因此,如果您只想访问您的形状,那么指针将是最简单的。如果您想迭代列表,请使用迭代器。
索引在列表中毫无用处,因为 std::list 不会重载 [] 运算符。
Both an iterators or a pointers will do bad stuff if you try to access them after the object has been deleted so neither is intrinsically safer. The advantage of an iterator is that it can be used to access other members of your collection.

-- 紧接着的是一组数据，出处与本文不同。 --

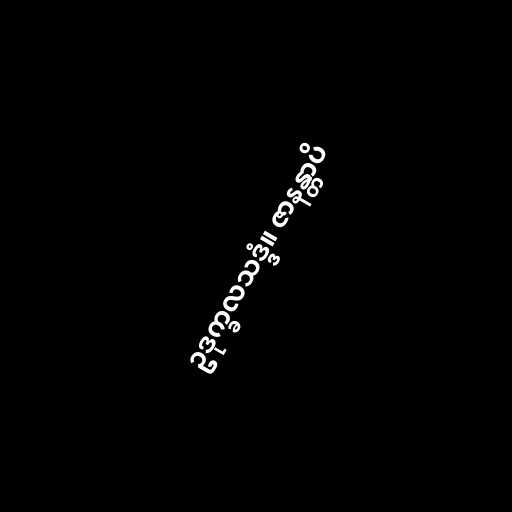
ဥဒုက္ခလသဒ္ဒံ။ ဇာနန္တာပိ
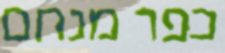
כפר מנחם
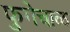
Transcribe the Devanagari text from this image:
फुगेचाळ
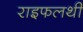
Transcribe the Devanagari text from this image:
राइफलथी
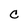
Character: C
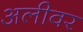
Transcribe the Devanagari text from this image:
अलीवर
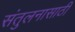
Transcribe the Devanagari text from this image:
संतुलनासाठी
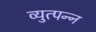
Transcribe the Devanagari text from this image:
व्‍युत्‍पन्‍न
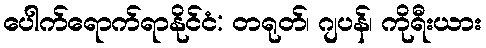
ပေါက်ရောက်ရာနိုင်ငံ: တရုတ်၊ ဂျပန်၊ ကိုရီးယား
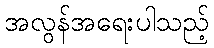
အလွန်အရေးပါသည့်
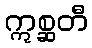
ဣစ္ဆတီ
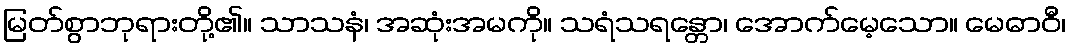
မြတ်စွာဘုရားတို့၏။ သာသနံ၊ အဆုံးအမကို။ သရံသရန္တော၊ အောက်မေ့သော။ မေဓာဝီ၊
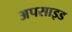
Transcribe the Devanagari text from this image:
अपसाइड
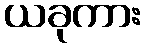
ယခုကား
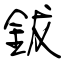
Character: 鈸
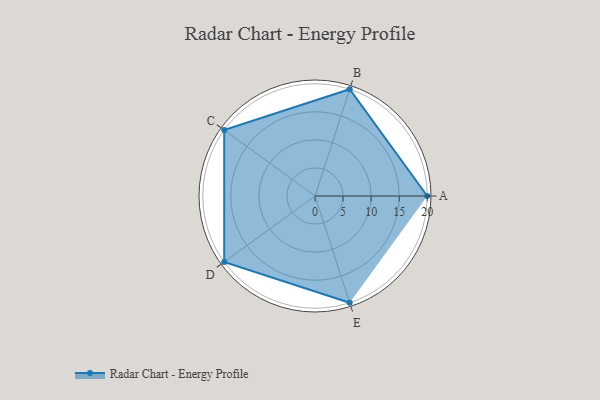
{"axis": {"x": "Skill", "y": "Score"}, "legend": ["Profile"], "data": [{"x": "A", "y": 20.0, "type": "Profile"}, {"x": "B", "y": 20, "type": "Profile"}, {"x": "C", "y": 20, "type": "Profile"}, {"x": "D", "y": 20, "type": "Profile"}, {"x": "E", "y": 20, "type": "Profile"}]}
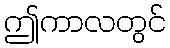
ဤကာလတွင်
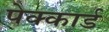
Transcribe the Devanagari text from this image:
पेक्कार्ड
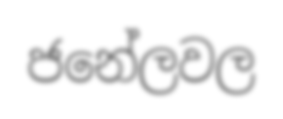
ජනේලවල
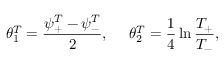
\theta _ { 1 } ^ { T } = \frac { \psi _ { + } ^ { T } - \psi _ { - } ^ { T } } { 2 } , \ \ \ \ \theta _ { 2 } ^ { T } = \frac { 1 } { 4 } \ln \frac { T _ { + } } { T _ { - } } ,
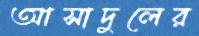
আসাদুলের
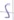
Text: S
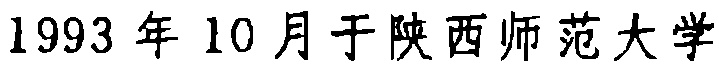
1993年10月于陕西师范大学
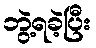
ဘွဲ့ရခဲ့ပြီး
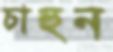
চাহুন
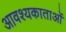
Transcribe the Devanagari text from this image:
आवश्यकाताओं
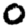
Digit: 0
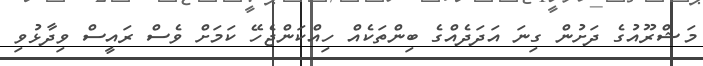
މަޝްރޫއުގެ ދަށުން ގިނަ އަދަދެއްގެ ބިންތަކެއް ހިއްކަންޖެހޭ ކަމަށް ވެސް ރައީސް ވިދާޅުވި
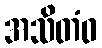
အသိတံဝ
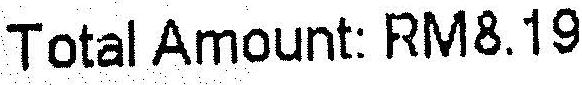
TOTAL AMOUNT: RM8.19
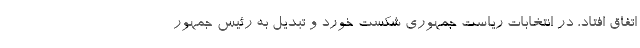
اتفاق افتاد، در انتخابات ریاست جمهوری شکست خورد و تبدیل به رئیس جمهور
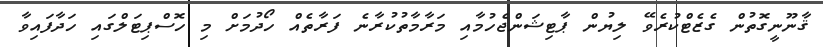
ޤާނޫނީގޮތުން ގެޒެޓްކުރެވޭ ލިޔުން ޕާޓިޝަންޖެހުމާއި މަރާމާތުކުރާނެ ފަރާތެއް ހޯދުމަށް މި ހޮސްޕިޓަލްގައި ހަދާފައިވާ

So, if you just want to access your Shape then a pointer will be simplest. If you want to iterate through your list then use an iterator.
An index is useless in a list since std::list does not overload the [] operator.
答案取决于您的表示:
std::list,使用iterator(而不是指针),因为iterator允许您删除元素而不遍历整个列表。std::map或boost::unordered_map,请使用Key(当然)如果您使用关联,您的设计将会更加强大容器,因为关联容器使您能够查询对象是否存在,而不是调用未定义的行为。
尝试对
map和unordered_map进行基准测试,看看哪一个在您的情况下更快:)The answer depends on your representation:
std::list, use aniterator(not a pointer), because aniteratorallows you to remove the element without walking the whole list.std::maporboost::unordered_map, use theKey(of course)Your design would be much strong if you used an associative container, because associative containers give you the ability to query for the presence of the object, rather than invoking Undefined Behavior.
Try benchmarking both
mapandunordered_mapto see which one is faster in your case :)IIF 内部表示将是形状列表,则指针和迭代器是安全的。一旦分配了元素,就不会发生重定位。出于明显的访问性能原因,我不会推荐索引。如果是列表,则为 O(n)。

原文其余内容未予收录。